Pictures aside, can you reproduce the records word for word?

**Dataset:**
^^^^
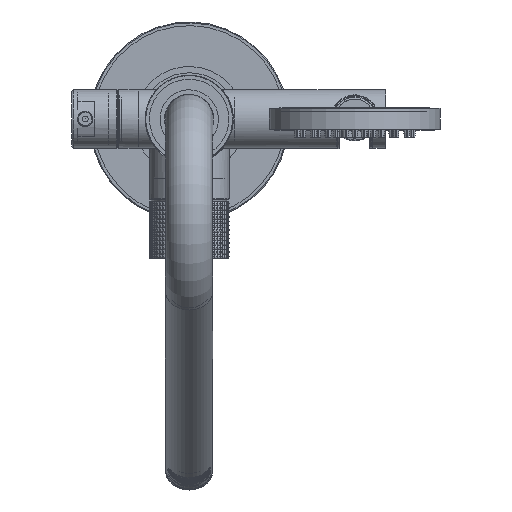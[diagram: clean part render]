
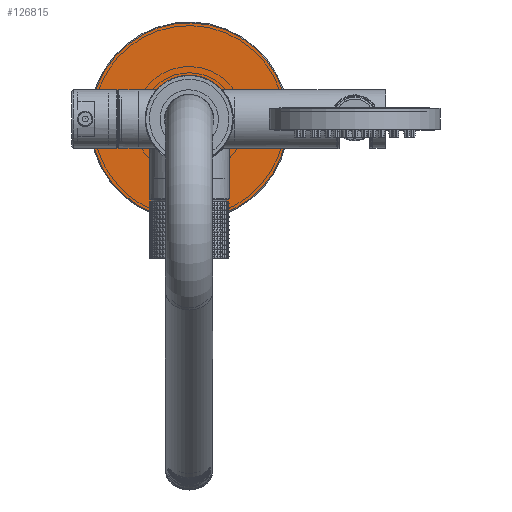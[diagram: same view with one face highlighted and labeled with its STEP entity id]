
A CAD part, top view. The second image highlights one B-rep face of the part: STEP entity #126815.
In plain terms, the highlighted face is planar.
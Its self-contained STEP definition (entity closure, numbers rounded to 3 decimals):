
#63527=ORIENTED_EDGE('',*,*,#83152,.T.);
#63528=ORIENTED_EDGE('',*,*,#83153,.T.);
#83152=EDGE_CURVE('',#95455,#95455,#100411,.T.);
#83153=EDGE_CURVE('',#95456,#95456,#100412,.F.);
#95455=VERTEX_POINT('',#344746);
#95456=VERTEX_POINT('',#344748);
#100411=CIRCLE('',#188874,24.55);
#100412=CIRCLE('',#188875,54.);
#108782=EDGE_LOOP('',(#63527));
#108783=EDGE_LOOP('',(#63528));
#117171=FACE_BOUND('',#108782,.T.);
#117172=FACE_BOUND('',#108783,.T.);
#118973=PLANE('',#188873);
#126815=ADVANCED_FACE('',(#117171,#117172),#118973,.F.);
#188873=AXIS2_PLACEMENT_3D('',#344744,#209792,#209793);
#188874=AXIS2_PLACEMENT_3D('',#344745,#209794,#209795);
#188875=AXIS2_PLACEMENT_3D('',#344747,#209796,#209797);
#209792=DIRECTION('',(0.,-1.,0.));
#209793=DIRECTION('',(0.,0.,-1.));
#209794=DIRECTION('',(0.,-1.,0.));
#209795=DIRECTION('',(0.,0.,-1.));
#209796=DIRECTION('',(0.,-1.,0.));
#209797=DIRECTION('',(0.,0.,-1.));
#344744=CARTESIAN_POINT('',(-24.25,12.,0.));
#344745=CARTESIAN_POINT('',(0.,12.,0.));
#344746=CARTESIAN_POINT('',(0.,12.,-24.55));
#344747=CARTESIAN_POINT('',(0.,12.,0.));
#344748=CARTESIAN_POINT('',(0.,12.,-54.));
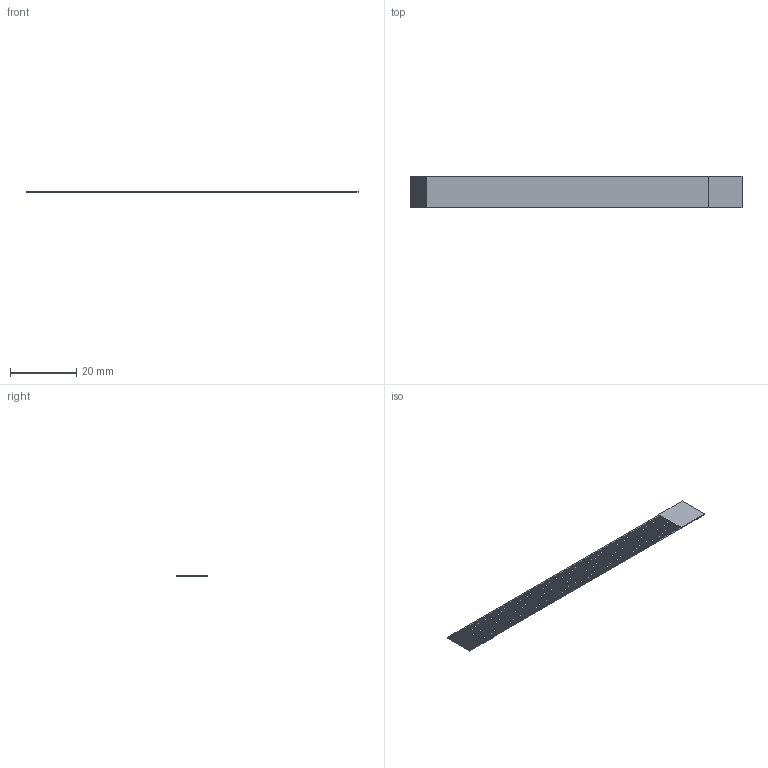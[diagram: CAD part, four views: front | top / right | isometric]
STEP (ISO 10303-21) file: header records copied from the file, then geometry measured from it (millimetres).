
FILE_DESCRIPTION(/* description */ ('Unknown'),/* implementation_level */ '2;1');
FILE_NAME(/* name */ '687718100002',/* time_stamp */ '2020-02-17T17:19:50+01:00',/* author */ ('Unknown'),/* organization */ ('Unknown'),/* preprocessor_version */ 'ST-DEVELOPER v16.7',/* originating_system */ 'DEX',/* authorisation */ $);
FILE_SCHEMA (('AUTOMOTIVE_DESIGN {1 0 10303 214 3 1 1}'));
Length unit declared in the file: millimetre
Products named in the file (2): 6877xx100002; 687718100002
Assembly tree (1 placements, depth 2):
  6877xx100002
    687718100002
Bounding box: 100 x 9.5 x 0.59 mm (x, y, z)
Volume: 142.7 mm3; surface area: 3098.4 mm2
Topology: 1 solids, 1 shells, 128 faces, 406 edges, 244 vertices
Faces by surface type: plane 128
Entity records: 5362 total; most frequent: ORIENTED_EDGE 812, CARTESIAN_POINT 788, DIRECTION 662, EDGE_CURVE 406, LINE 402, VECTOR 402, VERTEX_POINT 244, AXIS2_PLACEMENT_3D 130
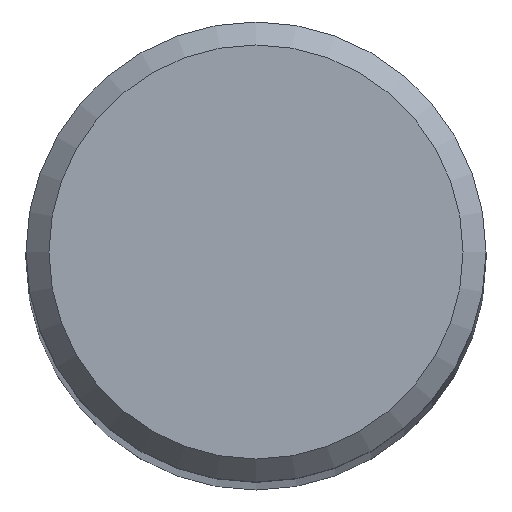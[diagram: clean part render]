
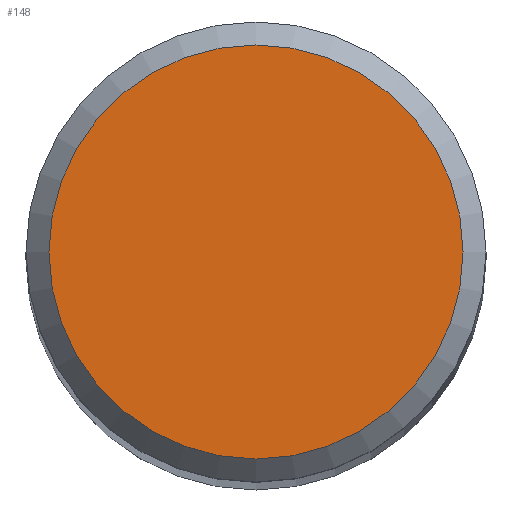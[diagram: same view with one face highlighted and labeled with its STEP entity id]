
A CAD part, top view. The second image highlights one B-rep face of the part: STEP entity #148.
In plain terms, the highlighted planar face has unit normal (0, 0, 1).
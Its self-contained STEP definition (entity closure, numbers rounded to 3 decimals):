
#22=PLANE('',#181);
#46=FACE_OUTER_BOUND('',#70,.T.);
#70=EDGE_LOOP('',(#130));
#82=CIRCLE('',#180,2.7);
#94=VERTEX_POINT('',#269);
#106=EDGE_CURVE('',#94,#94,#82,.T.);
#130=ORIENTED_EDGE('',*,*,#106,.F.);
#148=ADVANCED_FACE('',(#46),#22,.T.);
#180=AXIS2_PLACEMENT_3D('',#270,#230,#231);
#181=AXIS2_PLACEMENT_3D('',#271,#232,#233);
#230=DIRECTION('center_axis',(0.,0.,-1.));
#231=DIRECTION('ref_axis',(-1.,0.,0.));
#232=DIRECTION('center_axis',(0.,0.,1.));
#233=DIRECTION('ref_axis',(1.,0.,0.));
#269=CARTESIAN_POINT('',(2.7,0.,60.));
#270=CARTESIAN_POINT('Origin',(0.,0.,60.));
#271=CARTESIAN_POINT('Origin',(0.,0.,
60.));
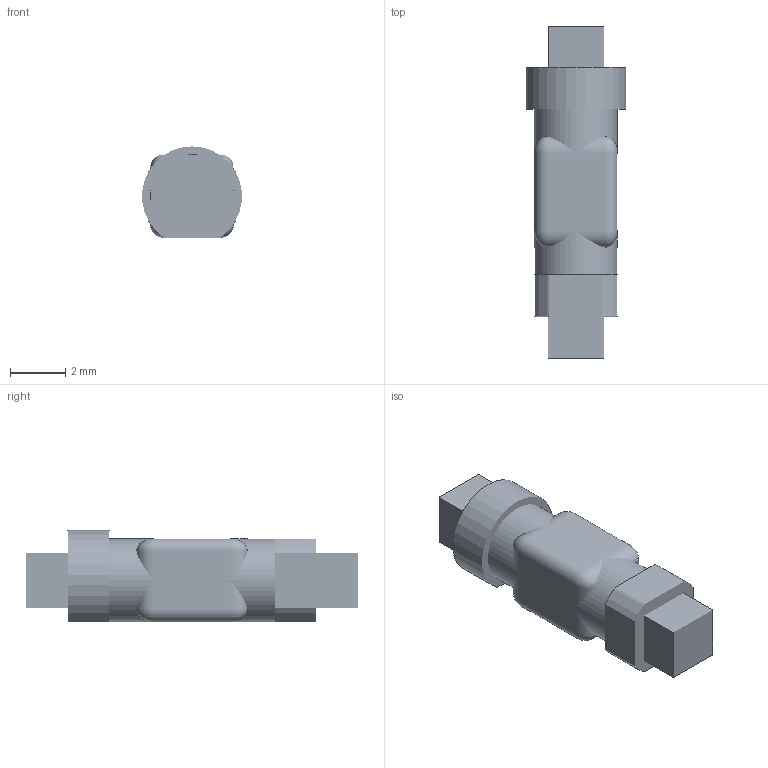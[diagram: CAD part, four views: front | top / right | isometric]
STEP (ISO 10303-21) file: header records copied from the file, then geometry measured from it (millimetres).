
FILE_DESCRIPTION(/* description */ ('STEP AP242','CAx-IF Rec.Pracs.---Representation and Presentation of Product Manufacturing Information (PMI)---4.0---2014-10-13','CAx-IF Rec.Pracs.---3D Tessellated Geometry---0.4---2014-09-14','2;1'),/* implementation_level */ '2;1');
FILE_NAME(/* name */ 'Assembly 1 - Part 1 (12)',/* time_stamp */ '2025-08-05T03:10:52Z',/* author */ (''),/* organization */ (''),/* preprocessor_version */ 'ST-DEVELOPER v20',/* originating_system */ 'ONSHAPE BY PTC INC, 1.201',/* authorisation */ ' ');
FILE_SCHEMA (('AP242_MANAGED_MODEL_BASED_3D_ENGINEERING_MIM_LF { 1 0 10303 442 1 1 4 }'));
Length unit declared in the file: metre
Products named in the file (1): Part 1
Bounding box: 3.6 x 12 x 3.3 mm (x, y, z)
Surface area: 143.8 mm2 (no closed solid volume)
Topology: 0 solids, 1 shells, 1 faces, 0 edges, 0 vertices
Faces by surface type: other 1
Entity records: 31 total; most frequent: DIRECTION 2, SHAPE_REPRESENTATION_RELATIONSHIP 1, TESSELLATED_SHAPE_REPRESENTATION 1, STYLED_ITEM 1, PRESENTATION_STYLE_ASSIGNMENT 1, SURFACE_STYLE_USAGE 1, SURFACE_SIDE_STYLE 1, SURFACE_STYLE_FILL_AREA 1
^^^^
**Result of this task:**
[diagram: clean part render]
[diagram: same view with one face highlighted and labeled with its STEP entity id]
A CAD part, top view. The second image highlights one B-rep face of the part: STEP entity #126815.
In plain terms, the highlighted face is planar.
Its self-contained STEP definition (entity closure, numbers rounded to 3 decimals):
#63527=ORIENTED_EDGE('',*,*,#83152,.T.);
#63528=ORIENTED_EDGE('',*,*,#83153,.T.);
#83152=EDGE_CURVE('',#95455,#95455,#100411,.T.);
#83153=EDGE_CURVE('',#95456,#95456,#100412,.F.);
#95455=VERTEX_POINT('',#344746);
#95456=VERTEX_POINT('',#344748);
#100411=CIRCLE('',#188874,24.55);
#100412=CIRCLE('',#188875,54.);
#108782=EDGE_LOOP('',(#63527));
#108783=EDGE_LOOP('',(#63528));
#117171=FACE_BOUND('',#108782,.T.);
#117172=FACE_BOUND('',#108783,.T.);
#118973=PLANE('',#188873);
#126815=ADVANCED_FACE('',(#117171,#117172),#118973,.F.);
#188873=AXIS2_PLACEMENT_3D('',#344744,#209792,#209793);
#188874=AXIS2_PLACEMENT_3D('',#344745,#209794,#209795);
#188875=AXIS2_PLACEMENT_3D('',#344747,#209796,#209797);
#209792=DIRECTION('',(0.,-1.,0.));
#209793=DIRECTION('',(0.,0.,-1.));
#209794=DIRECTION('',(0.,-1.,0.));
#209795=DIRECTION('',(0.,0.,-1.));
#209796=DIRECTION('',(0.,-1.,0.));
#209797=DIRECTION('',(0.,0.,-1.));
#344744=CARTESIAN_POINT('',(-24.25,12.,0.));
#344745=CARTESIAN_POINT('',(0.,12.,0.));
#344746=CARTESIAN_POINT('',(0.,12.,-24.55));
#344747=CARTESIAN_POINT('',(0.,12.,0.));
#344748=CARTESIAN_POINT('',(0.,12.,-54.));
[diagram: CAD part, four views: front | top / right | isometric]
STEP (ISO 10303-21) file: header records copied from the file, then geometry measured from it (millimetres).
FILE_DESCRIPTION(/* description */ ('Unknown'),/* implementation_level */ '2;1');
FILE_NAME(/* name */ '687718100002',/* time_stamp */ '2020-02-17T17:19:50+01:00',/* author */ ('Unknown'),/* organization */ ('Unknown'),/* preprocessor_version */ 'ST-DEVELOPER v16.7',/* originating_system */ 'DEX',/* authorisation */ $);
FILE_SCHEMA (('AUTOMOTIVE_DESIGN {1 0 10303 214 3 1 1}'));
Length unit declared in the file: millimetre
Products named in the file (2): 6877xx100002; 687718100002
Assembly tree (1 placements, depth 2):
  6877xx100002
    687718100002
Bounding box: 100 x 9.5 x 0.59 mm (x, y, z)
Volume: 142.7 mm3; surface area: 3098.4 mm2
Topology: 1 solids, 1 shells, 128 faces, 406 edges, 244 vertices
Faces by surface type: plane 128
Entity records: 5362 total; most frequent: ORIENTED_EDGE 812, CARTESIAN_POINT 788, DIRECTION 662, EDGE_CURVE 406, LINE 402, VECTOR 402, VERTEX_POINT 244, AXIS2_PLACEMENT_3D 130
[diagram: clean part render]
[diagram: same view with one face highlighted and labeled with its STEP entity id]
A CAD part, top view. The second image highlights one B-rep face of the part: STEP entity #148.
In plain terms, the highlighted planar face has unit normal (0, 0, 1).
Its self-contained STEP definition (entity closure, numbers rounded to 3 decimals):
#22=PLANE('',#181);
#46=FACE_OUTER_BOUND('',#70,.T.);
#70=EDGE_LOOP('',(#130));
#82=CIRCLE('',#180,2.7);
#94=VERTEX_POINT('',#269);
#106=EDGE_CURVE('',#94,#94,#82,.T.);
#130=ORIENTED_EDGE('',*,*,#106,.F.);
#148=ADVANCED_FACE('',(#46),#22,.T.);
#180=AXIS2_PLACEMENT_3D('',#270,#230,#231);
#181=AXIS2_PLACEMENT_3D('',#271,#232,#233);
#230=DIRECTION('center_axis',(0.,0.,-1.));
#231=DIRECTION('ref_axis',(-1.,0.,0.));
#232=DIRECTION('center_axis',(0.,0.,1.));
#233=DIRECTION('ref_axis',(1.,0.,0.));
#269=CARTESIAN_POINT('',(2.7,0.,60.));
#270=CARTESIAN_POINT('Origin',(0.,0.,60.));
#271=CARTESIAN_POINT('Origin',(0.,0.,
60.));
[diagram: CAD part, four views: front | top / right | isometric]
STEP (ISO 10303-21) file: header records copied from the file, then geometry measured from it (millimetres).
FILE_DESCRIPTION(/* description */ ('STEP AP242','CAx-IF Rec.Pracs.---Representation and Presentation of Product Manufacturing Information (PMI)---4.0---2014-10-13','CAx-IF Rec.Pracs.---3D Tessellated Geometry---0.4---2014-09-14','2;1'),/* implementation_level */ '2;1');
FILE_NAME(/* name */ 'Assembly 1 - Part 1 (12)',/* time_stamp */ '2025-08-05T03:10:52Z',/* author */ (''),/* organization */ (''),/* preprocessor_version */ 'ST-DEVELOPER v20',/* originating_system */ 'ONSHAPE BY PTC INC, 1.201',/* authorisation */ ' ');
FILE_SCHEMA (('AP242_MANAGED_MODEL_BASED_3D_ENGINEERING_MIM_LF { 1 0 10303 442 1 1 4 }'));
Length unit declared in the file: metre
Products named in the file (1): Part 1
Bounding box: 3.6 x 12 x 3.3 mm (x, y, z)
Surface area: 143.8 mm2 (no closed solid volume)
Topology: 0 solids, 1 shells, 1 faces, 0 edges, 0 vertices
Faces by surface type: other 1
Entity records: 31 total; most frequent: DIRECTION 2, SHAPE_REPRESENTATION_RELATIONSHIP 1, TESSELLATED_SHAPE_REPRESENTATION 1, STYLED_ITEM 1, PRESENTATION_STYLE_ASSIGNMENT 1, SURFACE_STYLE_USAGE 1, SURFACE_SIDE_STYLE 1, SURFACE_STYLE_FILL_AREA 1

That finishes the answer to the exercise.